⟨

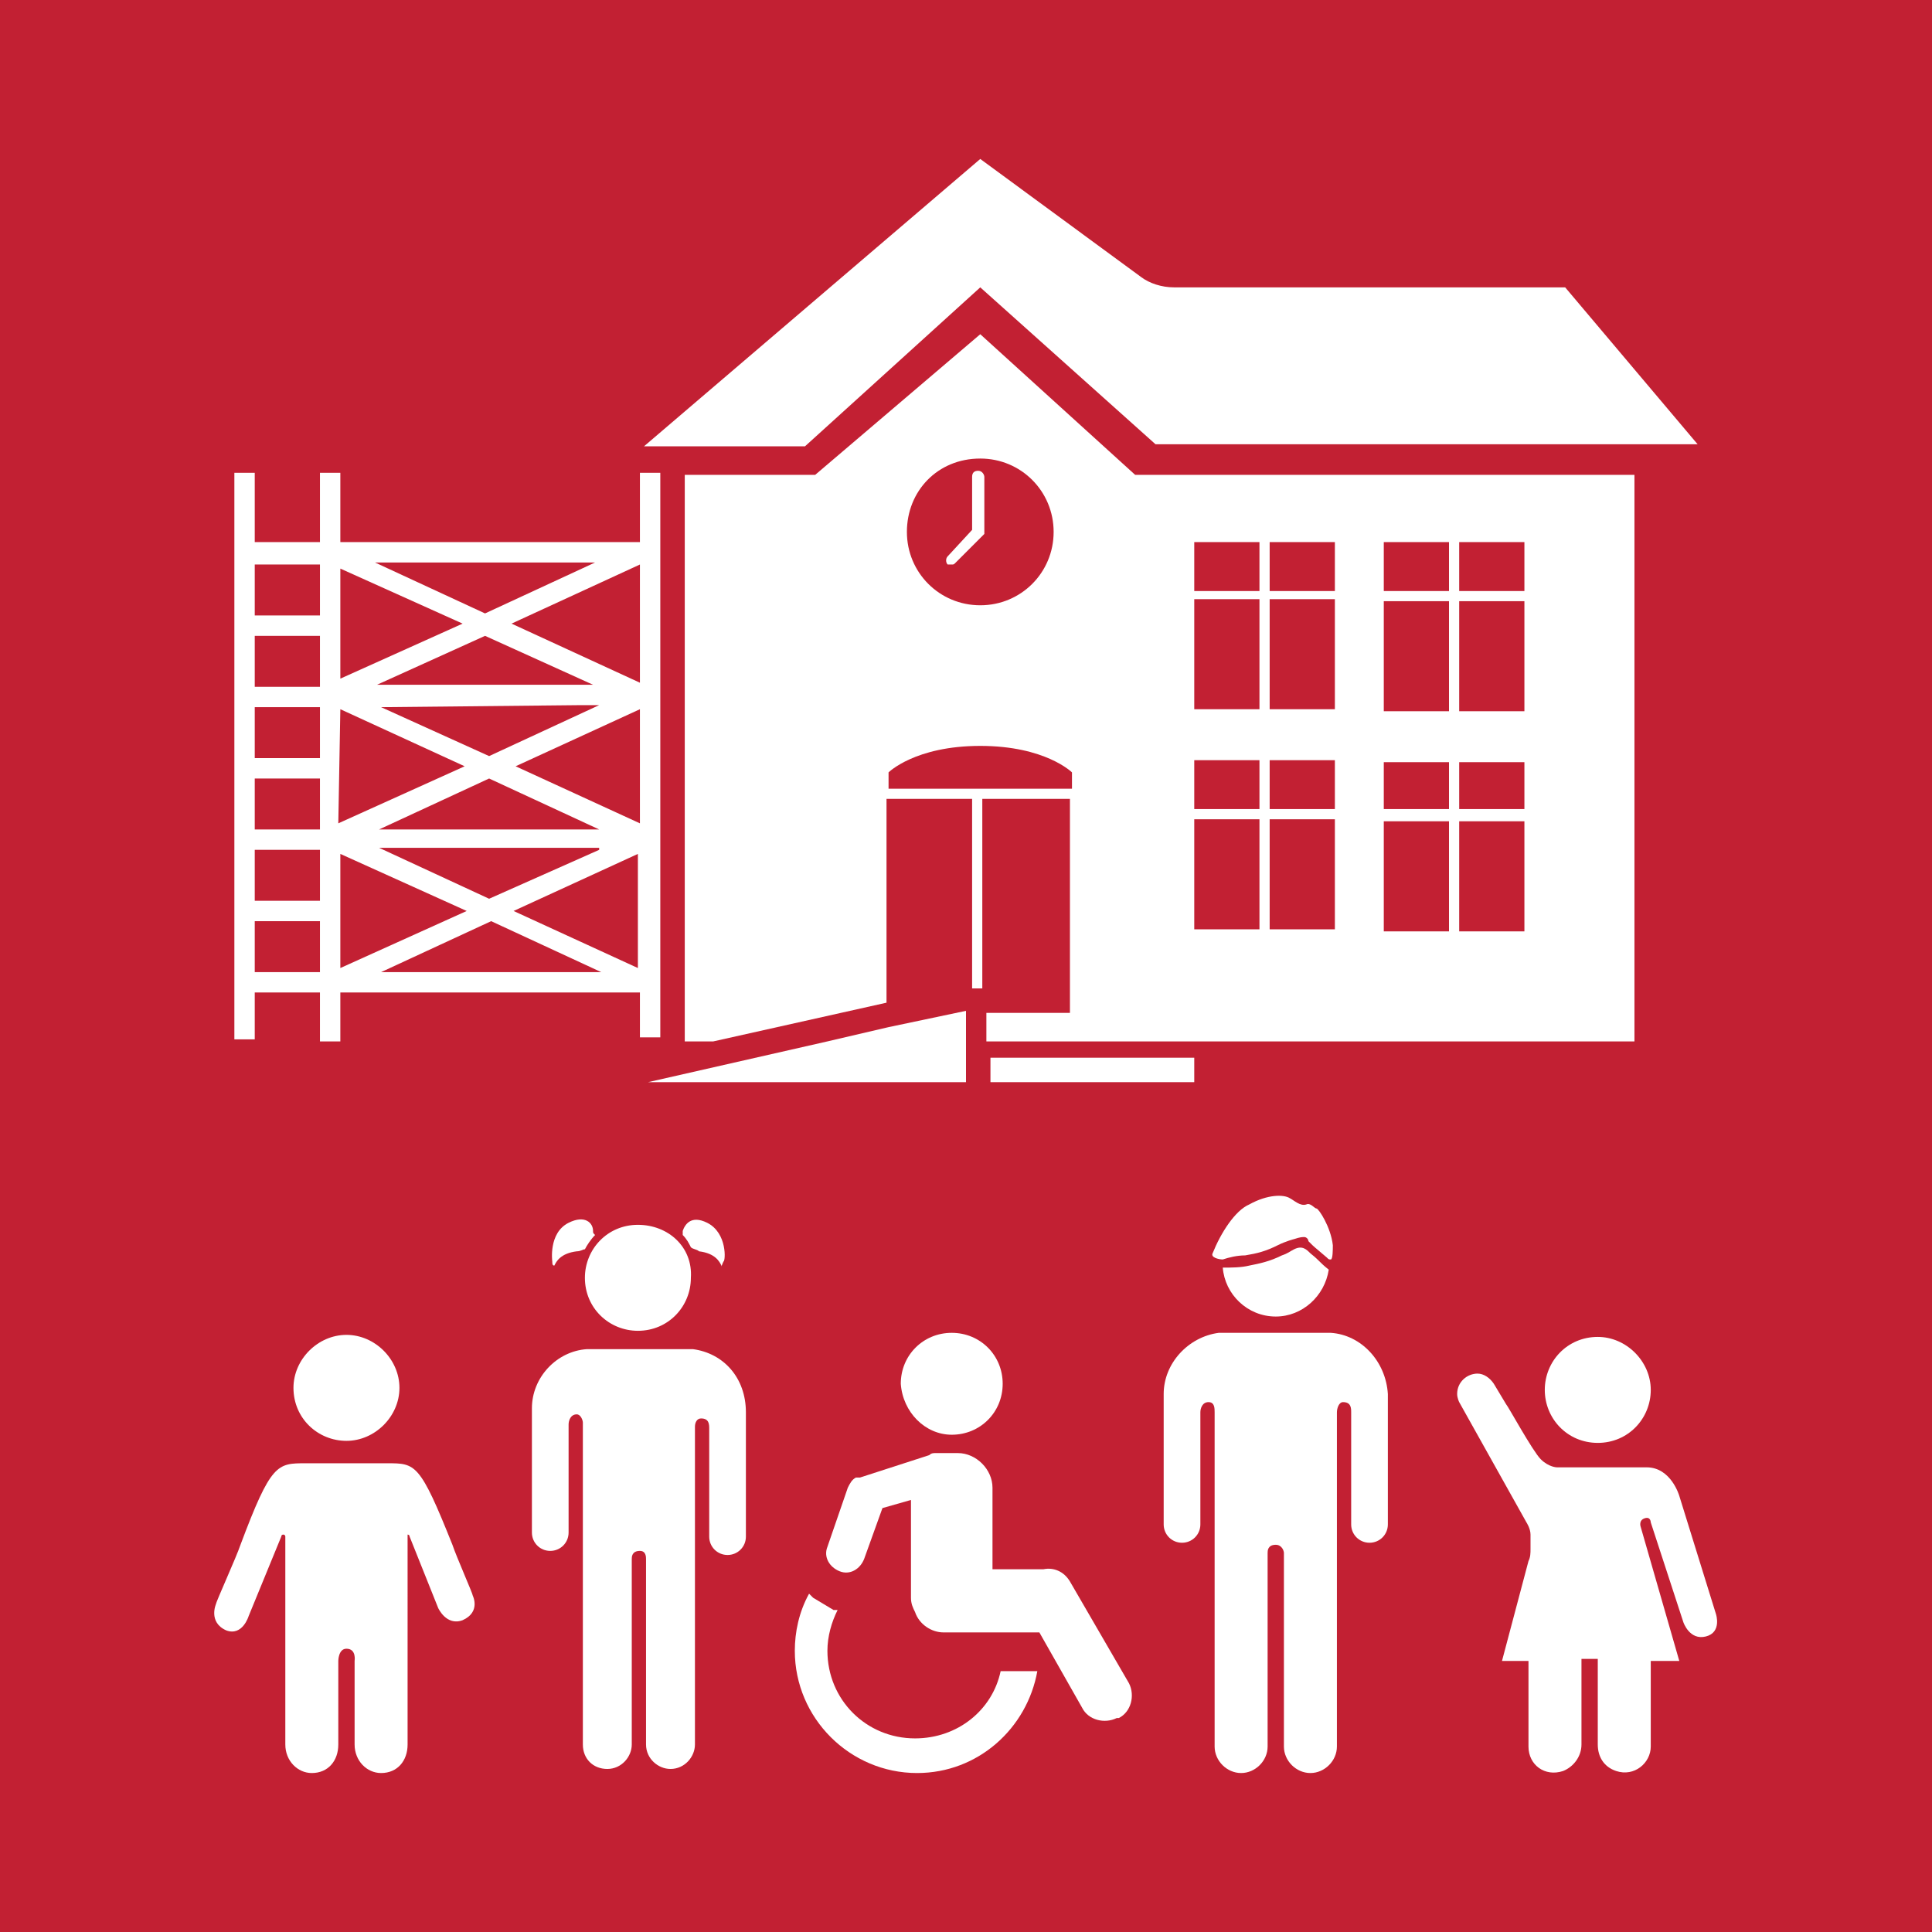 <?xml version="1.0" encoding="utf-8"?>
<!-- Generator: Adobe Illustrator 24.0.1, SVG Export Plug-In . SVG Version: 6.00 Build 0)  -->
<svg version="1.1" id="TARGETS" xmlns="http://www.w3.org/2000/svg" xmlns:xlink="http://www.w3.org/1999/xlink" x="0px" y="0px"
	 viewBox="0 0 94.8 94.8" style="enable-background:new 0 0 94.8 94.8;" xml:space="preserve">
<style type="text/css">
	.st0{fill:#C22033;}
	.st1{fill:#FFFFFF;}
</style>
<rect class="st0" width="94.8" height="94.8"/>
<g>
	<g>
		<path class="st1" d="M48.1,14.1l8.6,7.7h26.6l-6.5-7.7H57.6c-0.6,0-1.2-0.2-1.6-0.5l-7.9-5.8L31.6,21.9l7.9,0L48.1,14.1z"/>
		<path class="st1" d="M32.4,50.9V23.2h-1v3.4H16.7l0-3.4l0,0v0h-0.5l-0.5,0v0h0v3.4h-3.2v-3.4h-1V51h1v-2.3h3.2v0.6l0,1.6h0v0.2h1
			v-1.8l0-0.6h14.7v2.2H32.4z M15.7,47.7h-3.2v-2.5h3.2V47.7z M15.7,44.2h-3.2v-2.5h3.2V44.2z M15.7,40.7h-3.2v-2.5h3.2V40.7z
			 M15.7,37.2h-3.2v-2.5h3.2V37.2z M15.7,33.7h-3.2v-2.5h3.2V33.7z M15.7,30.2h-3.2v-2.5h3.2V30.2z M31.4,40.4l-6.1-2.8l6.1-2.8
			V40.4z M18.6,40.7l5.4-2.5l5.4,2.5H18.6z M29.4,41.7L24,44.1l-5.4-2.5H29.4z M28.5,34.6h0.9L24,37.1l-5.3-2.4L28.5,34.6z
			 M18.5,33.6l5.3-2.4l5.3,2.4l-0.6,0H18.5z M31.4,33.5l-6.3-2.9l6.3-2.9V33.5z M29.2,27.6l-5.4,2.5l-5.4-2.5H29.2z M16.7,27.9
			l6,2.7l-6,2.7L16.7,27.9z M16.7,34.8l6.1,2.8l-6.2,2.8L16.7,34.8z M16.7,41.9l6.2,2.8l-6.2,2.8L16.7,41.9z M18.7,47.7l5.4-2.5
			l5.4,2.5H18.7z M25.2,44.7l6.1-2.8v5.6L25.2,44.7z"/>
		<rect x="48.6" y="51.9" class="st1" width="10" height="1.2"/>
		<path class="st1" d="M55.7,23.3l-7.6-6.9L40,23.3h-6.4v27.8h1.4l8.5-1.9v-10h4.2v9.3h0.5v-9.3h4.3v10.5h-4.1v1.4h4.1h6h21.7
			l0-27.8H55.7z M67.9,26.6h3.2V29h-3.2V26.6z M67.9,29.5h3.2v5.4h-3.2V29.5z M48.1,22.5c2,0,3.6,1.6,3.6,3.6s-1.6,3.6-3.6,3.6
			c-2,0-3.6-1.6-3.6-3.6S46,22.5,48.1,22.5z M43.6,38.7v-0.8c0,0,1.3-1.3,4.5-1.3c3.2,0,4.5,1.3,4.5,1.3v0.8H43.6z M61.8,45.6h-3.2
			v-5.4h3.2V45.6z M61.8,39.7h-3.2v-2.4h3.2V39.7z M61.8,34.8h-3.2v-5.4h3.2V34.8z M65.5,45.6h-3.2v-5.4h3.2V45.6z M65.5,39.7h-3.2
			v-2.4h3.2V39.7z M65.5,34.8h-3.2v-5.4h3.2V34.8z M65.5,29h-3.2v-2.4h-0.5V29h-3.2v-2.4h6.9V29z M71.1,45.7h-3.2v-5.4h3.2V45.7z
			 M74.8,45.7h-3.2v-5.4h3.2V45.7z M74.8,39.7h-3.2v-2.3h-0.5v2.3h-3.2v-2.3h6.9V39.7z M74.8,34.9h-3.2v-5.4h3.2V34.9z M74.8,29
			h-3.2v-2.4h3.2V29z"/>
		<polygon class="st1" points="40.6,51.1 31.8,53.1 47.4,53.1 47.4,49.6 43.6,50.4 		"/>
		<path class="st1" d="M46.7,27.7c0.1,0,0.1,0,0.2-0.1l1.4-1.4v-2.8c0-0.1-0.1-0.3-0.3-0.3s-0.3,0.1-0.3,0.3V26l-1.2,1.3
			c-0.1,0.1-0.1,0.3,0,0.4C46.6,27.7,46.7,27.7,46.7,27.7z"/>
	</g>
	<g>
		<g>
			<path class="st1" d="M82.4,73.4c0,0-0.4-1.4-1.6-1.4c0,0-1.2,0-1.2,0h-3.2c0,0-0.4,0-0.8-0.4c-0.4-0.4-1.6-2.6-1.7-2.7l-0.6-1
				c-0.2-0.3-0.5-0.5-0.8-0.5c-0.5,0-1,0.4-1,1c0,0.2,0.1,0.4,0.1,0.4l3.3,5.9c0,0,0.2,0.3,0.2,0.6V76c0,0.2,0,0.4-0.1,0.6l-1.3,4.9
				H75v4.2h0c0,0.9,0.8,1.5,1.7,1.2c0.5-0.2,0.9-0.7,0.9-1.3l0-4c0,0,0-0.1,0-0.2h0.8c0,0.1,0,0.2,0,0.2l0,4c0,0.6,0.3,1.1,0.9,1.3
				c0.9,0.3,1.7-0.4,1.7-1.2v-4.2h1.4l-1.9-6.6c0,0-0.1-0.3,0.2-0.4c0.3-0.1,0.3,0.2,0.3,0.2l1.6,4.9c0,0,0.3,0.9,1.1,0.7
				c0.8-0.2,0.5-1.1,0.5-1.1L82.4,73.4z"/>
			<path class="st1" d="M78.4,70.8c1.5,0,2.6-1.2,2.6-2.6s-1.2-2.6-2.6-2.6c-1.5,0-2.6,1.2-2.6,2.6S76.9,70.8,78.4,70.8z"/>
		</g>
		<g>
			<path class="st1" d="M17,70.7c1.4,0,2.6-1.2,2.6-2.6c0-1.4-1.2-2.6-2.6-2.6c-1.4,0-2.6,1.2-2.6,2.6C14.4,69.6,15.6,70.7,17,70.7z
				"/>
			<path class="st1" d="M23.2,78.3c0-0.1-0.8-1.9-1-2.5c-1.6-4-1.8-4-3.2-4c0,0-3.9,0-4,0c-1.4,0-1.7,0-3.2,4
				c-0.2,0.6-1.2,2.8-1.2,2.9c0,0-0.4,0.9,0.5,1.3c0.8,0.3,1.1-0.7,1.1-0.7l1.6-3.9c0,0,0-0.1,0.1-0.1c0.1,0,0.1,0.1,0.1,0.1v10.2h0
				c0,0.8,0.6,1.4,1.3,1.4c0.8,0,1.3-0.6,1.3-1.4v-4.1c0,0,0-0.6,0.4-0.6c0.5,0,0.4,0.6,0.4,0.6v4.1c0,0.8,0.6,1.4,1.3,1.4
				c0.8,0,1.3-0.6,1.3-1.4h0V75.4c0-0.1,0-0.1,0-0.1c0.1,0,0.1,0.1,0.1,0.1l1.4,3.5c0,0,0.4,0.9,1.2,0.6
				C23.6,79.1,23.2,78.3,23.2,78.3z"/>
		</g>
		<g>
			<g>
				<path class="st1" d="M65.3,65.4l-5.5,0c-1.5,0.2-2.7,1.5-2.7,3v0.8v0.3v5.3c0,0.5,0.4,0.9,0.9,0.9c0.5,0,0.9-0.4,0.9-0.9v-5.5
					c0-0.2,0.1-0.5,0.4-0.5c0.3,0,0.3,0.3,0.3,0.5v16.4c0,0.7,0.6,1.3,1.3,1.3c0.7,0,1.3-0.6,1.3-1.3v-9.5c0-0.1,0-0.4,0.4-0.4h0
					c0.3,0,0.4,0.3,0.4,0.4v9.5c0,0.7,0.6,1.3,1.3,1.3c0.7,0,1.3-0.6,1.3-1.3V69.3c0-0.2,0.1-0.5,0.3-0.5c0.4,0,0.4,0.3,0.4,0.5v5.5
					c0,0.5,0.4,0.9,0.9,0.9c0.5,0,0.9-0.4,0.9-0.9v-5.3v-0.3v-0.8C68,66.8,66.8,65.5,65.3,65.4z"/>
			</g>
			<g>
				<path class="st1" d="M64.3,61.5c-0.2-0.2-0.4-0.4-0.8-0.2c-0.2,0.1-0.3,0.2-0.6,0.3c-0.6,0.3-1.1,0.4-1.6,0.5
					c-0.4,0.1-0.9,0.1-1.3,0.1c0.1,1.3,1.2,2.4,2.6,2.4c1.3,0,2.4-1,2.6-2.3C64.7,61.9,64.8,61.9,64.3,61.5z"/>
				<path class="st1" d="M61.1,61.6c0.6-0.1,1-0.2,1.6-0.5c0.4-0.2,0.8-0.3,0.8-0.3c0.3-0.1,0.4-0.1,0.5-0.1c0.1,0,0.2,0.1,0.2,0.2
					c0.1,0.1,0.1,0.1,0.2,0.2c0,0,0.1,0.1,0.7,0.6c0.1,0.1,0.1,0.1,0.2,0.1c0.1,0,0.1-0.5,0.1-0.7c-0.1-0.9-0.7-1.8-0.8-1.8
					c-0.1,0-0.3-0.3-0.5-0.2c-0.3,0.1-0.6-0.2-0.8-0.3c-0.3-0.2-1.1-0.2-2,0.3c-0.7,0.3-1.4,1.4-1.8,2.4c-0.1,0.2,0.3,0.3,0.5,0.3
					C60.3,61.7,60.7,61.6,61.1,61.6z"/>
			</g>
		</g>
		<g>
			<path class="st1" d="M52.5,77.6c-0.3-0.5-0.8-0.7-1.3-0.6c0,0-0.1,0-0.1,0h-2.4v-4c0-0.9-0.8-1.7-1.7-1.7h-0.7
				c-0.1,0-0.3,0-0.4,0c0,0,0,0,0,0l0,0c-0.1,0-0.2,0-0.3,0.1l-3.4,1.1c0,0,0,0-0.1,0c0,0-0.1,0-0.1,0c0,0,0,0,0,0
				c-0.2,0.1-0.3,0.3-0.4,0.5l-1,2.9c-0.2,0.5,0.1,1,0.6,1.2c0.5,0.2,1-0.1,1.2-0.6l0.9-2.5l1.4-0.4c0,0,0,0,0,0v4.8
				c0,0.3,0.1,0.5,0.2,0.7c0.2,0.6,0.8,1,1.4,1H51l2.1,3.7c0.3,0.6,1.1,0.8,1.7,0.5l0.1,0c0.6-0.3,0.8-1.1,0.5-1.7L52.5,77.6z"/>
			<path class="st1" d="M50.5,82h-1.2h-0.1h-0.1c-0.4,1.9-2.1,3.3-4.2,3.3c-2.4,0-4.3-1.9-4.3-4.3c0-0.7,0.2-1.4,0.5-2L41,79
				L40.9,79l-1-0.6l-0.1-0.1l-0.1-0.1c-0.5,0.9-0.7,1.9-0.7,2.8c0,3.3,2.7,6,6,6c3,0,5.4-2.2,5.9-5h-0.1H50.5z"/>
			<path class="st1" d="M46.7,70.4c1.4,0,2.5-1.1,2.5-2.5c0-1.4-1.1-2.5-2.5-2.5c-1.4,0-2.5,1.1-2.5,2.5
				C44.3,69.3,45.4,70.4,46.7,70.4z"/>
		</g>
		<g>
			<path class="st1" d="M34,66.2c0,0-0.1,0-0.2,0h-2.4h-2.4c-0.1,0-0.1,0-0.2,0c-1.5,0.1-2.7,1.4-2.7,2.9v0.7v0.3v5.1
				c0,0.5,0.4,0.9,0.9,0.9c0.5,0,0.9-0.4,0.9-0.9v-5.3c0-0.2,0.1-0.5,0.4-0.5c0.2,0,0.3,0.3,0.3,0.4v15.8c0,0.7,0.5,1.2,1.2,1.2
				c0.7,0,1.2-0.6,1.2-1.2v-9.1c0-0.1,0-0.4,0.4-0.4h0c0.3,0,0.3,0.3,0.3,0.4v9.1c0,0.7,0.6,1.2,1.2,1.2c0.7,0,1.2-0.6,1.2-1.2V70
				c0-0.2,0.1-0.4,0.3-0.4c0.4,0,0.4,0.3,0.4,0.5v5.3c0,0.5,0.4,0.9,0.9,0.9c0.5,0,0.9-0.4,0.9-0.9v-5.1v-0.3v-0.7
				C36.6,67.6,35.5,66.4,34,66.2z"/>
			<g>
				<path class="st1" d="M29.1,60.4c0-0.4-0.4-0.8-1.2-0.4c-1,0.5-0.8,1.9-0.8,1.9c0,0.1,0,0.2,0.1,0.2c0.1-0.2,0.3-0.6,1.1-0.7
					c0.2,0,0.3-0.1,0.4-0.1c0.1-0.2,0.3-0.5,0.5-0.7C29.1,60.5,29.1,60.5,29.1,60.4z"/>
				<path class="st1" d="M34.7,60c-0.8-0.4-1.1,0.1-1.2,0.4c0,0.1,0,0.1,0,0.2c0.2,0.2,0.3,0.4,0.4,0.6c0.1,0.1,0.3,0.1,0.4,0.2
					c0.8,0.1,1,0.5,1.1,0.7c0,0.1,0,0,0.1-0.2C35.6,61.9,35.7,60.5,34.7,60z"/>
				<path class="st1" d="M31.3,60.1c-1.5,0-2.6,1.2-2.6,2.6c0,1.5,1.2,2.6,2.6,2.6c1.5,0,2.6-1.2,2.6-2.6
					C34,61.2,32.8,60.1,31.3,60.1z"/>
			</g>
		</g>
	</g>
</g>
</svg>

⟩

Examine the listing and say how many of its lines contain the string "rect". Give the number alone.

2